A discussão sobre o doping genético teve

início em junho de 2001, em um encontro da Gene

Therapy Working Group promovido pelo COI.

Nesse encontro, cujo tema foi “Terapia Gênica e

seu futuro impacto no esporte”, o comitê declarou

que a terapia gênica, além da sua importância no

tratamento e prevenção de doenças, tem um

grande potencial para mau uso nos esportes, e que

formas de detecção do doping genético devem ser

desenvolvidas e aplicadas. Em 2004, a editora

chefe da revista Molecular Therapy publicou em

editorial que, se nas olimpíadas de Atenas (2004)

histórias de doping genético possam ter sido

apenas ficção científica, em Pequim (2008)
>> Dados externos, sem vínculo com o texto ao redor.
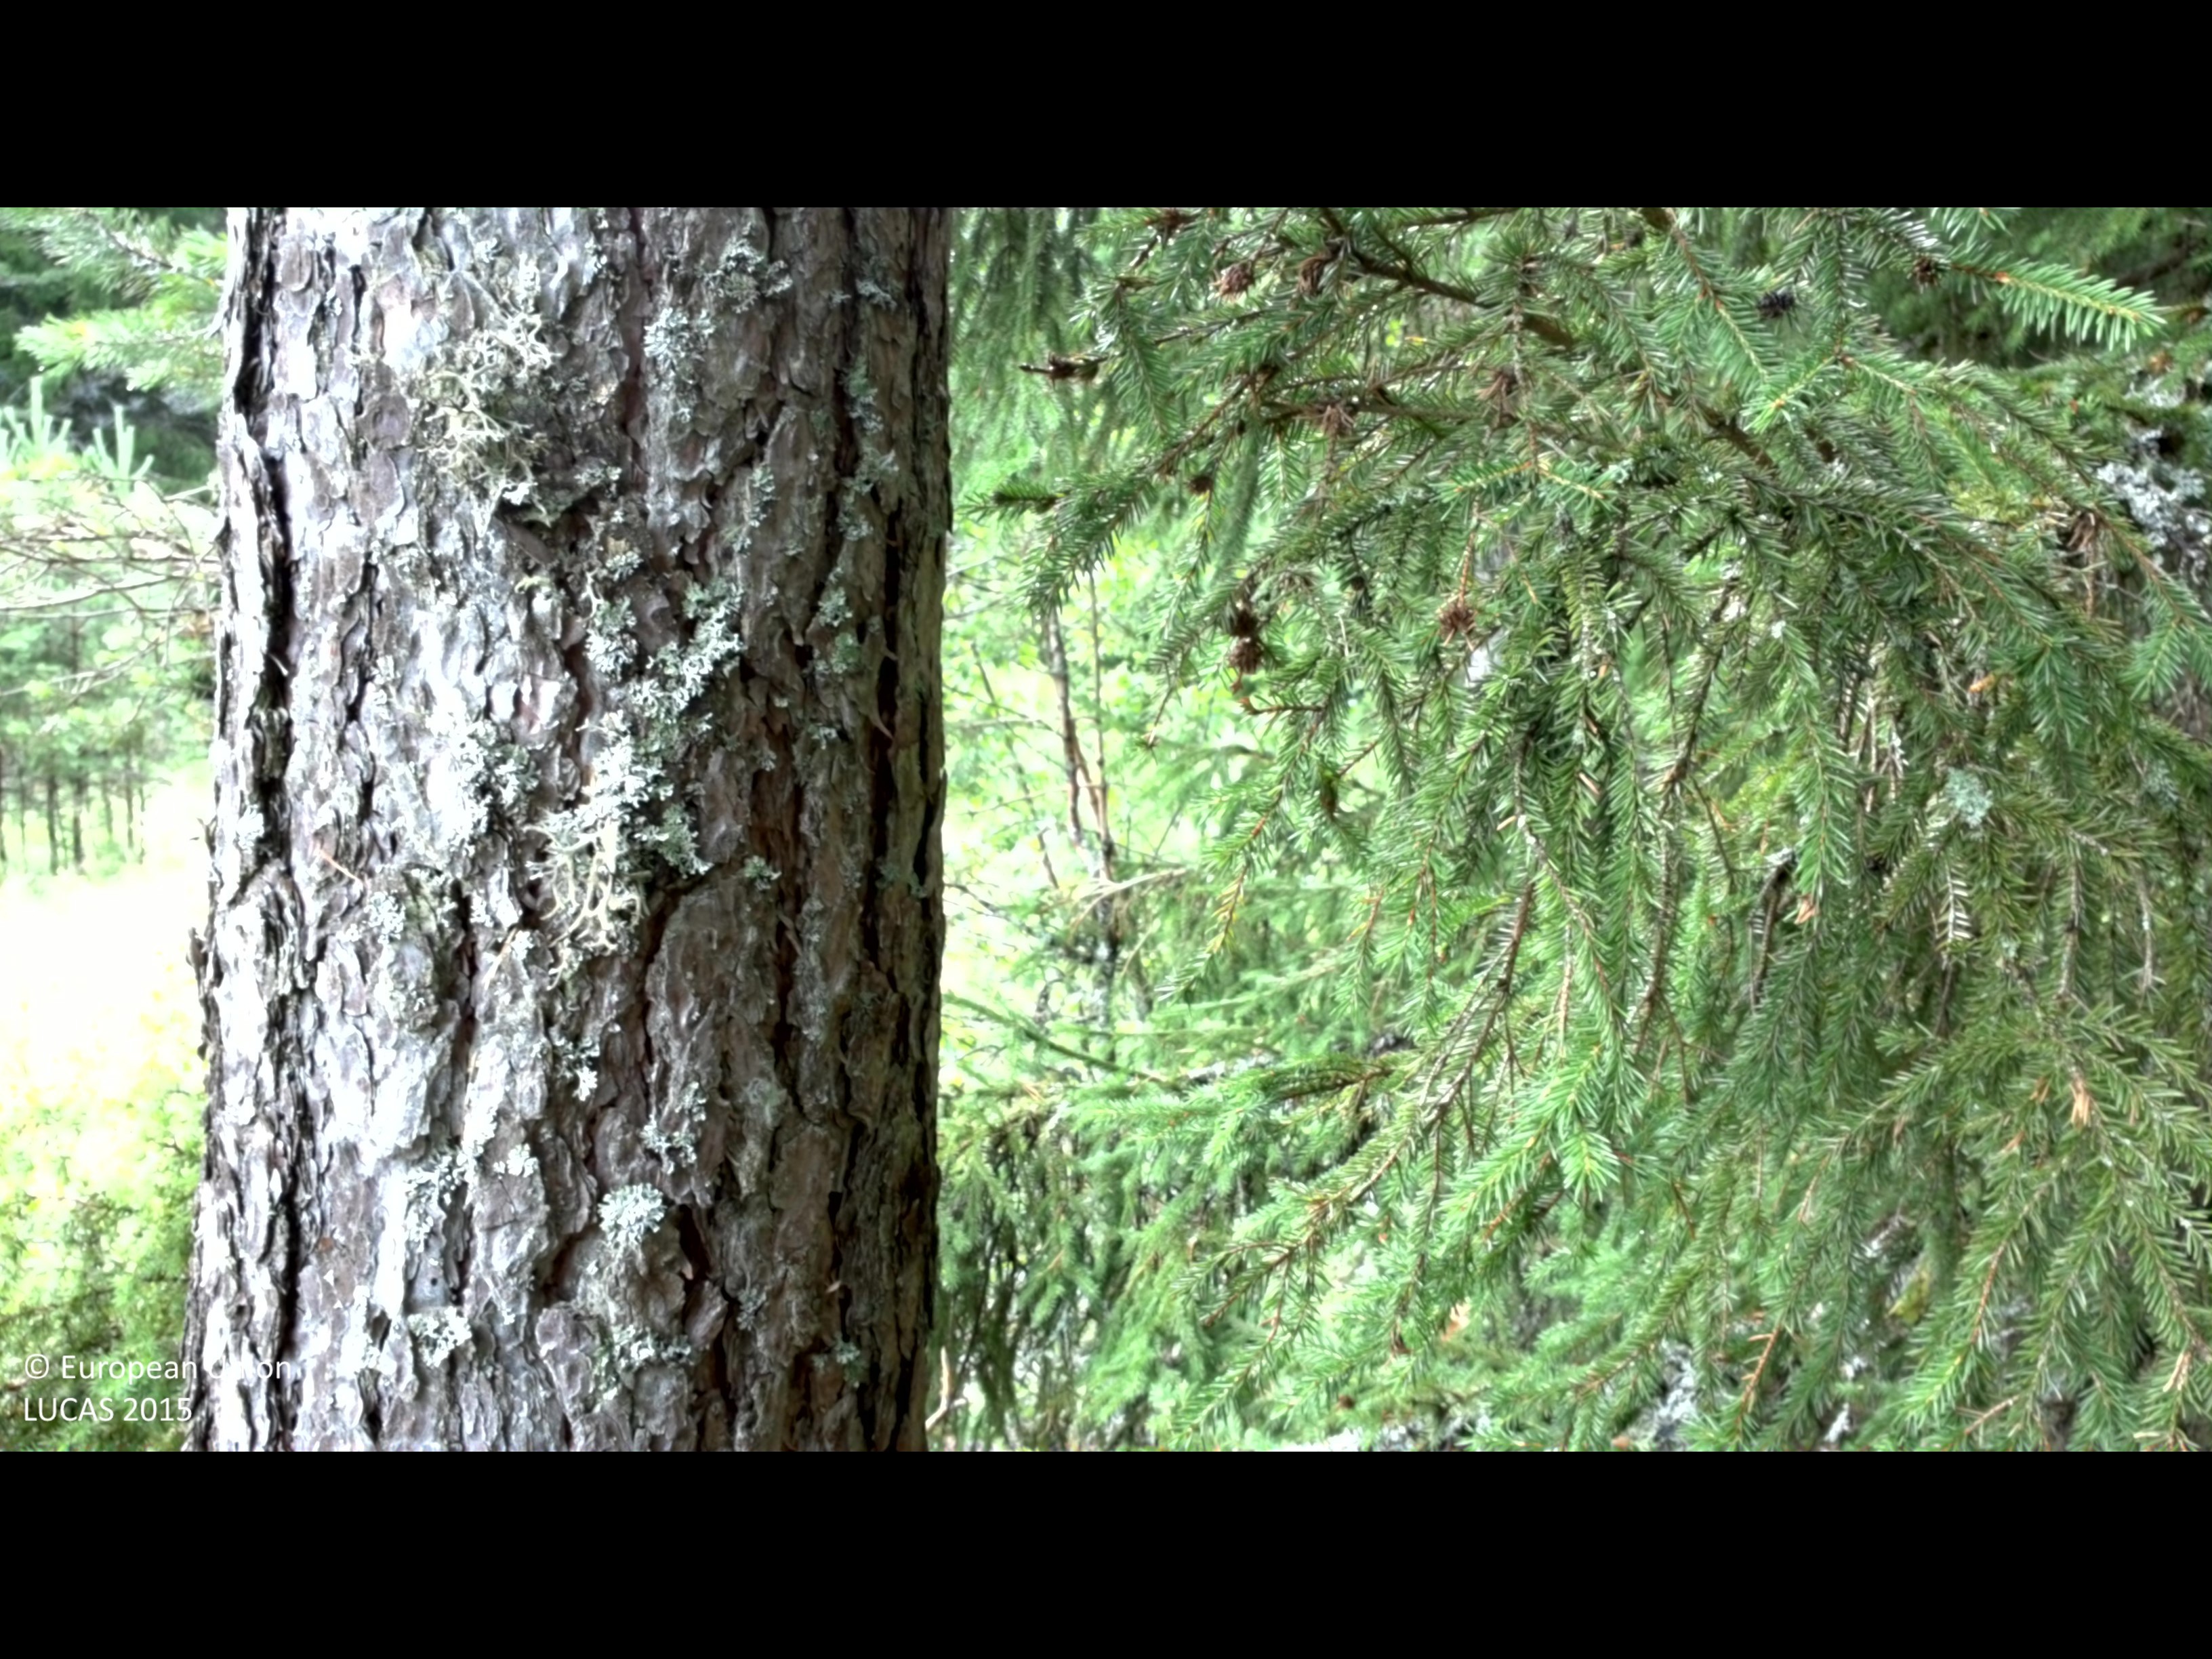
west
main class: Woodland
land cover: Pine dominated coniferous woodland
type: boreal forest
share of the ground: > 75 %
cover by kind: coniferous forest trees 80 %, shrubs 15 %, lichens and mosses 5 %
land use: Forestry
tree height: > 5 m
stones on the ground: 25 - 50 %
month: July
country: SE
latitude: 58.3621
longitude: 16.2688
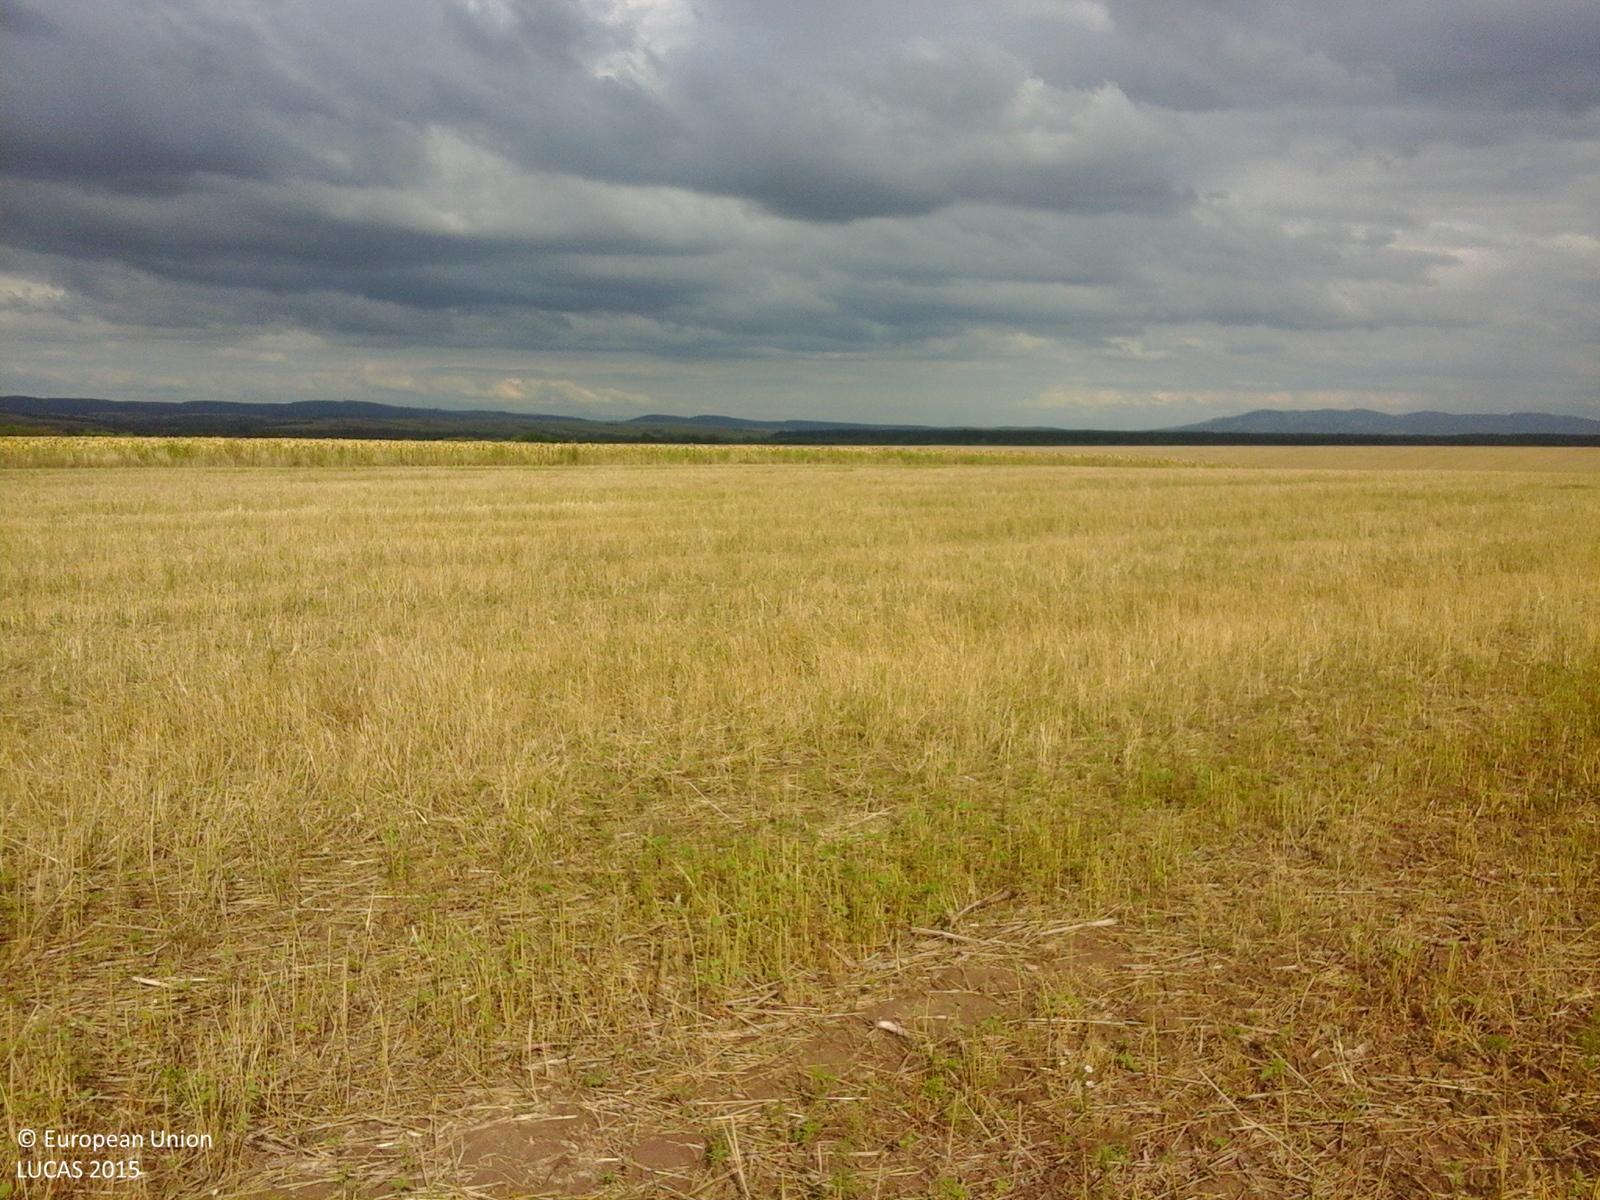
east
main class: Cropland
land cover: Common wheat
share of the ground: 25 - 50 %
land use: Agriculture (excluding fallow land and kitchen gardens)
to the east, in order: Common wheat; Grass margins; Sunflower; Tracks; Spontaneously vegetated surfaces
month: August
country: RO
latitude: 45.5239
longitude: 21.5429
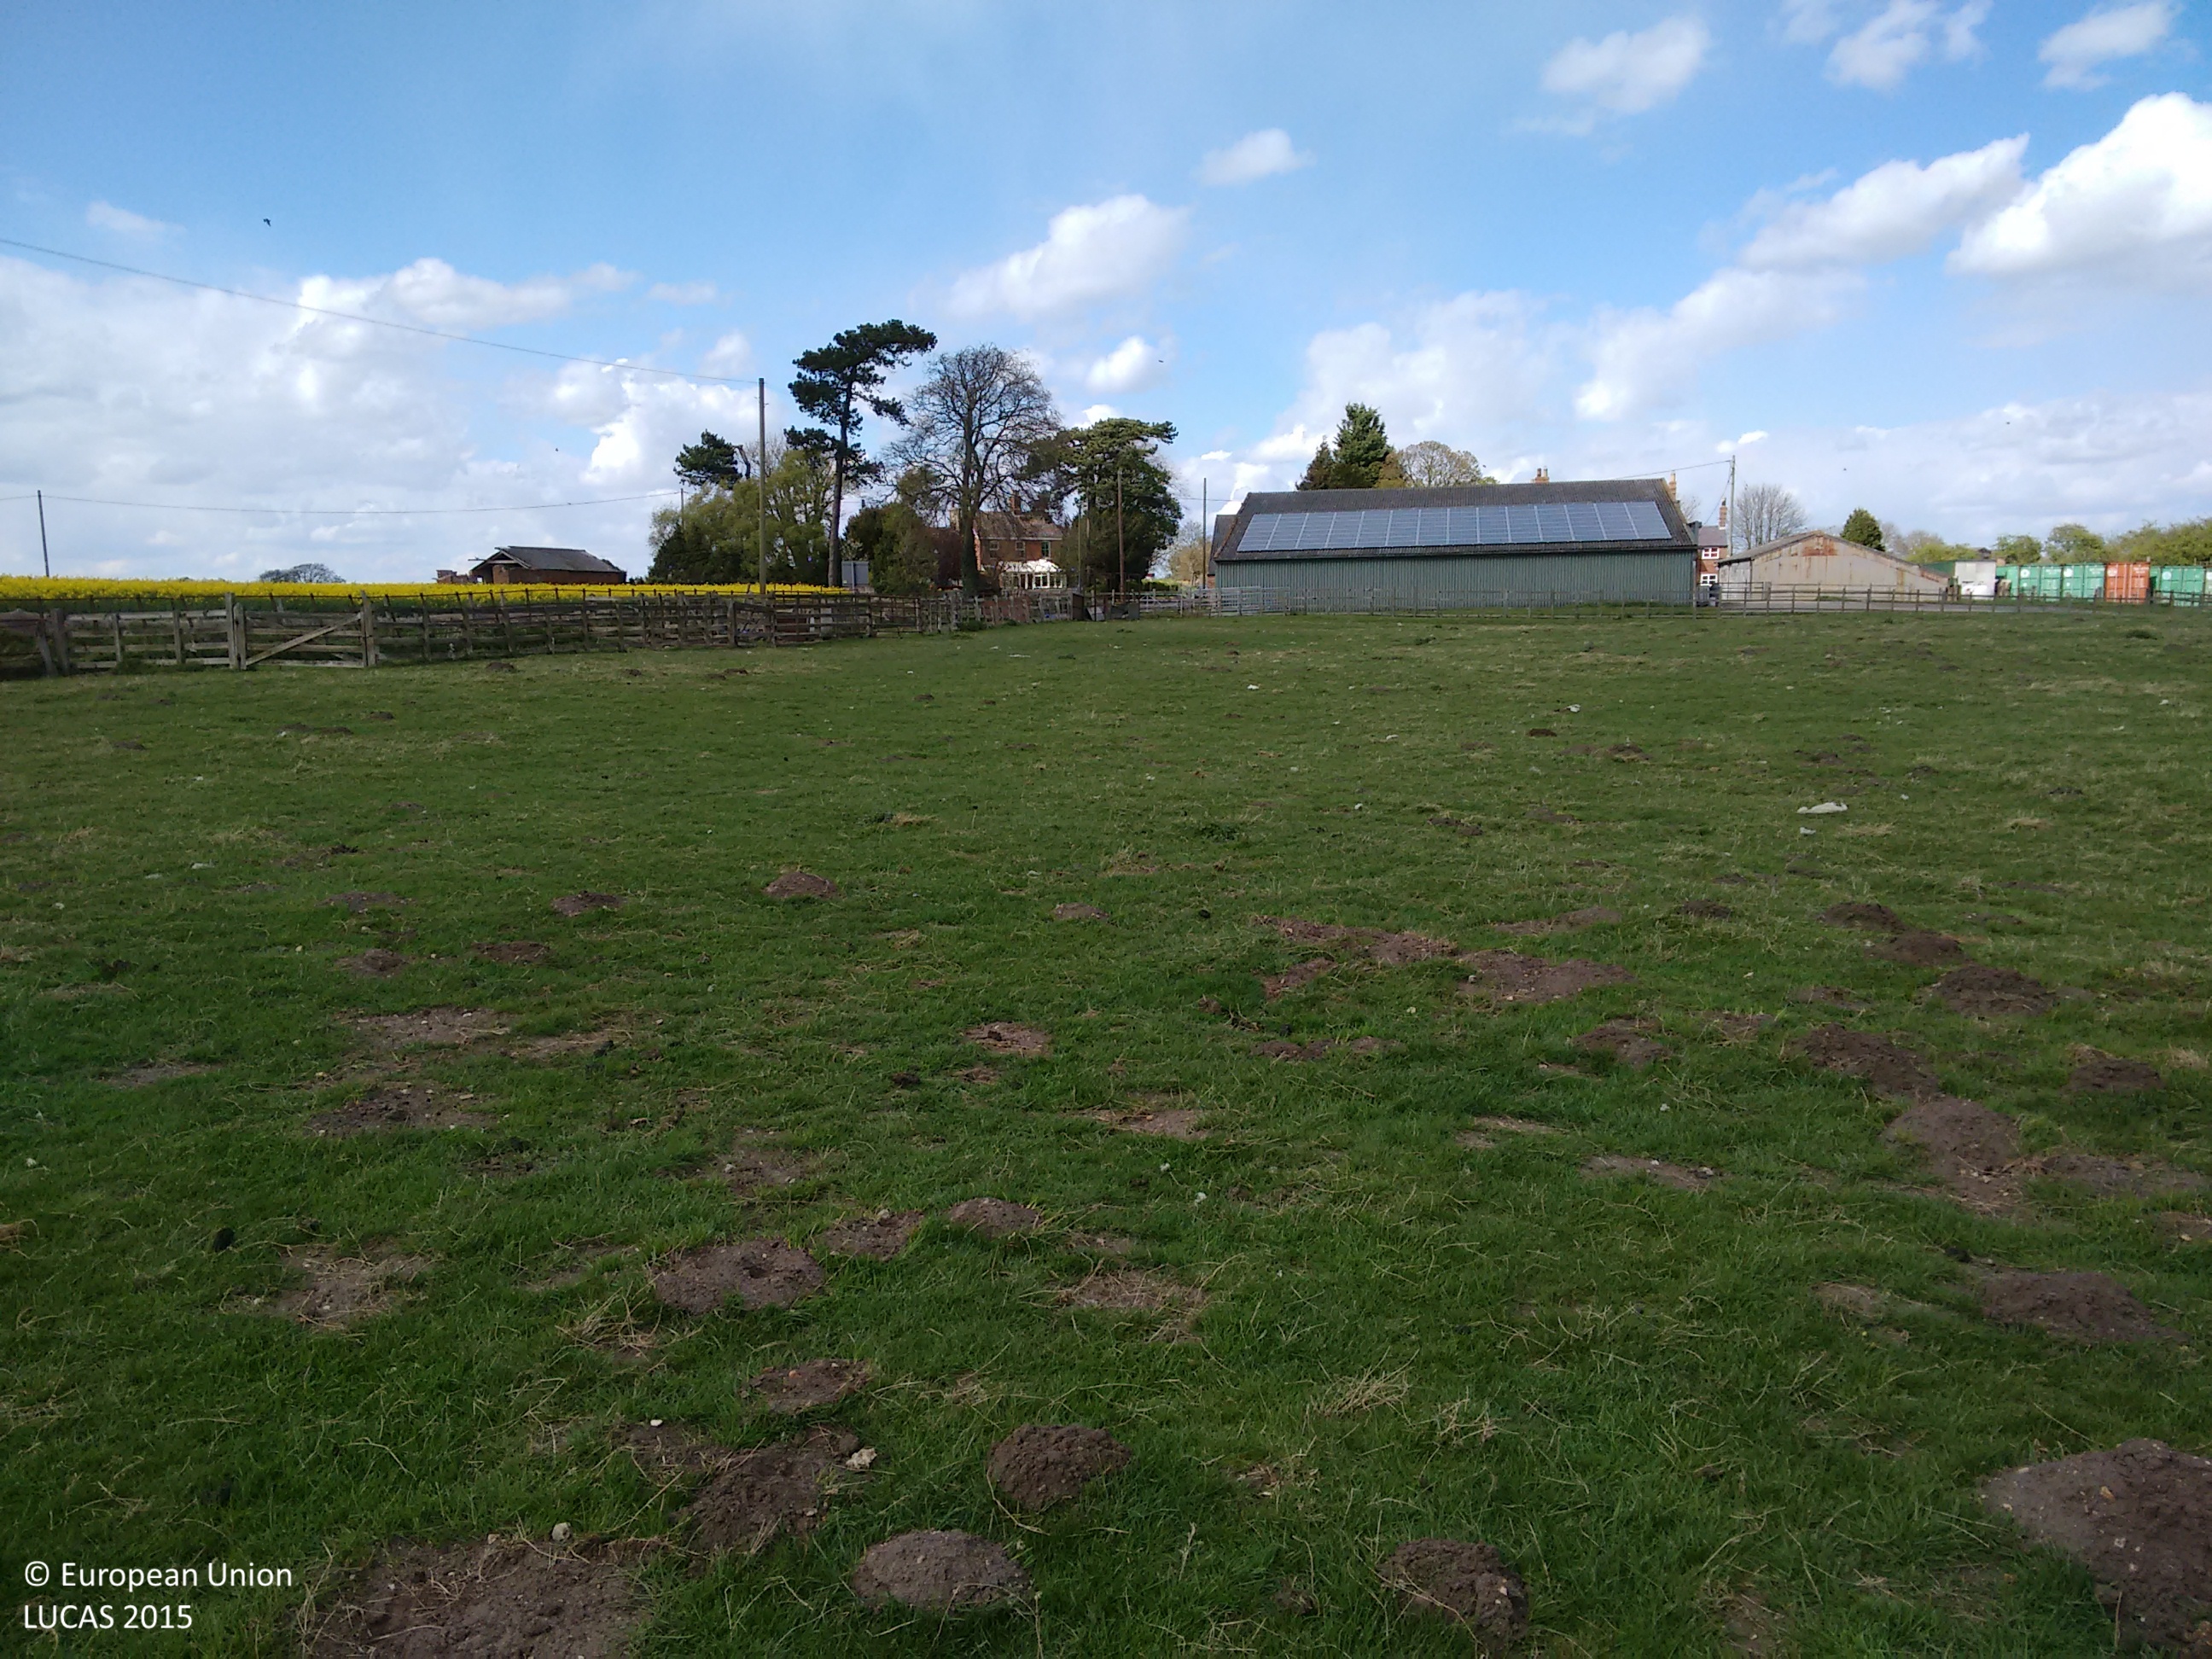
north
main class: Grassland
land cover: Grassland without tree/shrub cover
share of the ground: > 75 %
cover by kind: herbaceous plants 100 %
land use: Agriculture (excluding fallow land and kitchen gardens)
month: April
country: GB
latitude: 53.1930
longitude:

possivelmente não mais serão.

No início de 2003 o doping genético entrou

na lista de métodos proibidos do COI, e em 2004 a

WADA definiu doping genético como o uso não

terapêutico de células, genes, elementos genéticos

ou a modulação da expressão gênica, que tenham

a capacidade de melhorar o desempenho

esportivo.

Até o presente momento não há registro de

nenhum caso de atleta que tenha feito uso desse

tipo de manipulação. De fato, a terapia gênica é

uma modalidade terapêutica médica ainda

extremamente imatura, incipiente e basicamente

experimental. Isso pode ter sido um importante

motivo para que nenhum atleta fizesse uso do

doping genético até então. Por outro lado,

considerando que ainda não existem meios de

controle e detecção do doping genético, e que,

teoricamente, já é possível empregar essa

tecnologia em seres humanos e outros animais,

ninguém pode afirmar com segurança que nenhum

atleta tenha já o tenha experimentado.

Terapia gênica

A terapia gênica é uma nova modalidade

terapêutica da medicina. Trata-se de um conjunto

de técnicas ainda incipiente e em fase apenas

inicial de experimentação, mas que nos permite

vislumbrar a possibilidade de cura para doenças

consideradas incuráveis, como as de origem

predominantemente genética e/ou hereditária

(como exemplo podem ser citadas: distrofias

musculares, fibrose cística, fenilcetonúria,

cânceres, disfunção endotelial, entre outras).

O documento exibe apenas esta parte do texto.